All logging functions accept: `message` (string, required), `data` (object), `trace_id` (string), `span_id` (string), `service_name` (string).

### Logs API

| Function | Description |
|---|---|
| `engine::logs::list` | Query stored log entries. Filters: `start_time`, `end_time`, `trace_id`, `span_id`, `severity_min`, `severity_text`, `offset`, `limit`. |
| `engine::logs::clear` | Clear all stored log entries from memory. |

### Traces API

| Function | Description |
|---|---|
| `engine::traces::list` | List stored spans. Filters: `trace_id`, `service_name`, `name`, `status`, `min_duration_ms`, `max_duration_ms`, `start_time`, `end_time`, `sort_by`, `sort_order`, `attributes`, `include_internal`, `offset`, `limit`. |
| `engine::traces::tree` | Retrieve a trace as a hierarchical span tree. Parameters: `trace_id` (required). |
| `engine::traces::clear` | Clear all stored trace spans from memory. |

### Metrics API

| Function | Description |
|---|---|
| `engine::metrics::list` | List metrics with aggregated statistics. Returns engine counters (invocations, workers, performance), SDK metrics, and optional time-bucketed aggregations. |
| `engine::rollups::list` | List metric rollup aggregations (1-minute, 5-minute, 1-hour windows). |

### Other APIs

| Function | Description |
|---|---|
| `engine::baggage::get` | Get a baggage value from the current trace context. |
| `engine::baggage::set` | Set a baggage value in the current trace context. |
| `engine::baggage::get_all` | Get all baggage key-value pairs. |
| `engine::sampling::rules` | List all active sampling rules. |
| `engine::health::check` | Check engine health status.
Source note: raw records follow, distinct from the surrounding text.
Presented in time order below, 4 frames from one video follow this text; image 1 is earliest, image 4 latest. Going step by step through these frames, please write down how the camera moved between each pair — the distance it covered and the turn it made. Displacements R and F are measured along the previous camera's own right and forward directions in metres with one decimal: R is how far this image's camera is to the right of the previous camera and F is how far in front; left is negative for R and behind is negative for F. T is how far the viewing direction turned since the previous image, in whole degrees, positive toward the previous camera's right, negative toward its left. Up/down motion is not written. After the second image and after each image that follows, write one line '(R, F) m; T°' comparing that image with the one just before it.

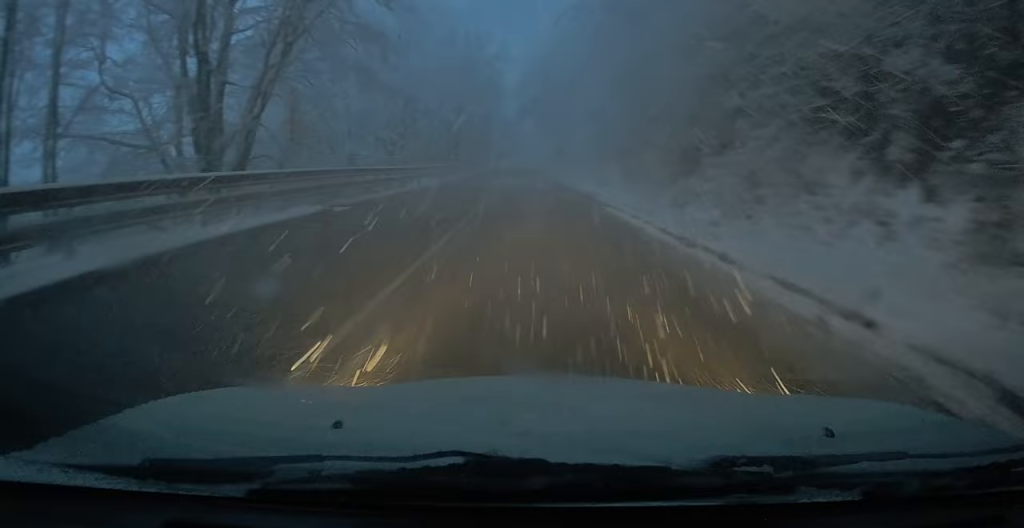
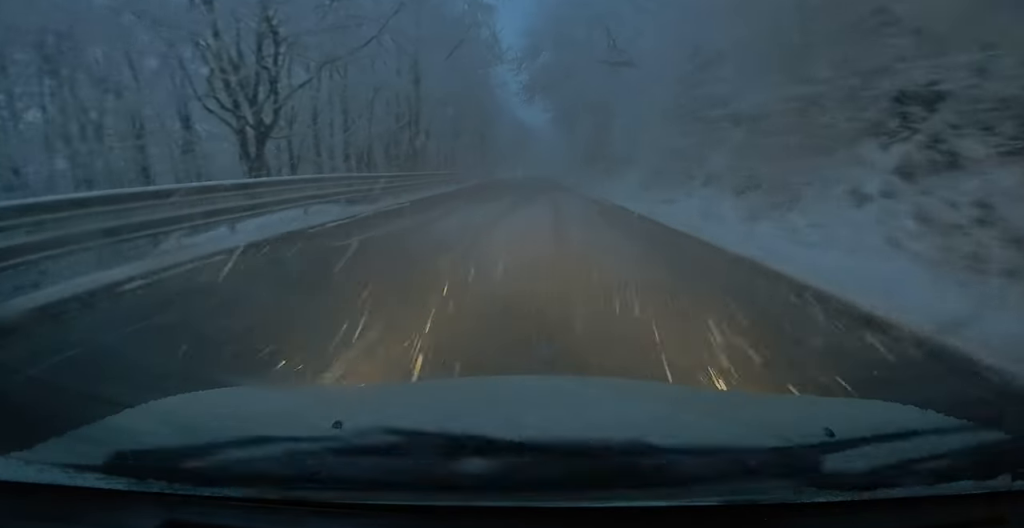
(-0.4, +29.3) m; -3°
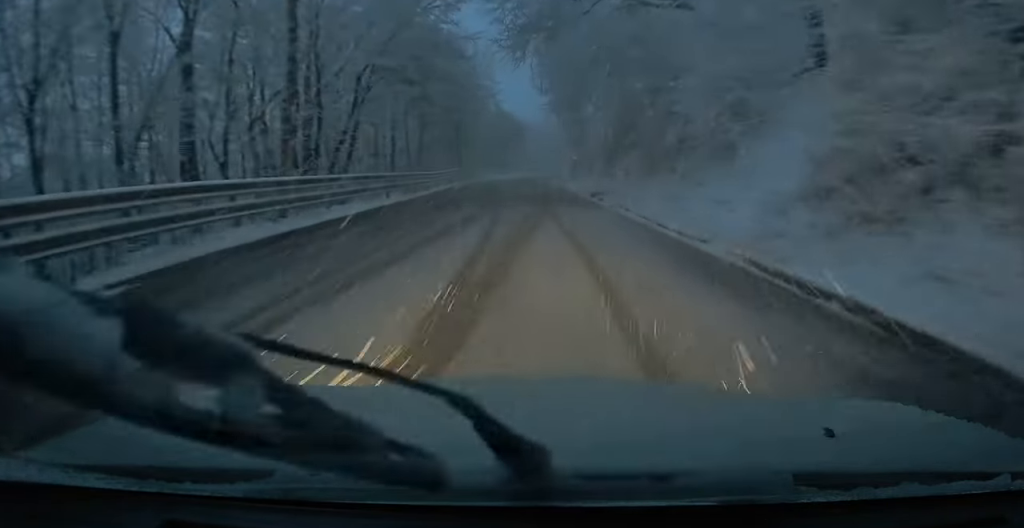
(-0.1, +18.5) m; 0°
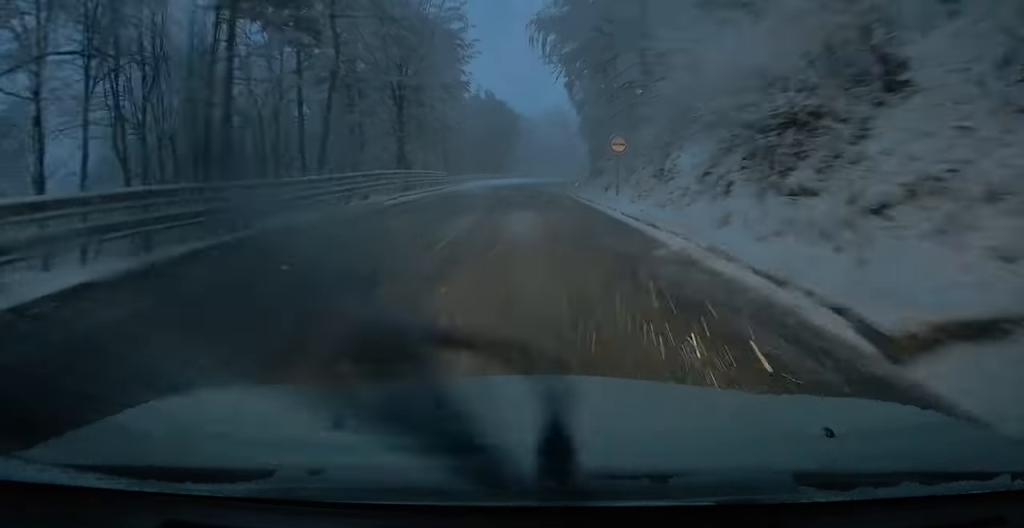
(+1.4, +24.5) m; +3°

Returns `status`, `components`, `timestamp`, `version`. |
| `engine::alerts::list` | List all configured alert rules and their current state. |
| `engine::alerts::evaluate` | Manually trigger evaluation of all alert rules. |

## Trigger Type: `log`

Register a function to react to log entries as they are produced.

| Config Field | Type | Description |
|---|---|---|
| `level` | string | Log level to subscribe to: `info`, `warn`, `error`, `debug`, or `trace`. When omitted, fires for all levels. |

### Sample Code

```typescript
const fn = iii.registerFunction(
  'monitoring::onError',
  async (logEntry) => {
    await sendAlert({
      message: logEntry.body,
      severity: logEntry.severity_text,
      traceId: logEntry.trace_id,
    })
    return {}
  },
)

iii.registerTrigger({
  type: 'log',
  function_id: fn.id,
  config: { level: 'error' },
})
```

Log entry payload fields: `timestamp_unix_nano`, `observed_timestamp_unix_nano`, `severity_number`, `severity_text`, `body`, `attributes`, `trace_id`, `span_id`, `resource`, `service_name`, `instrumentation_scope_name`, `instrumentation_scope_version`.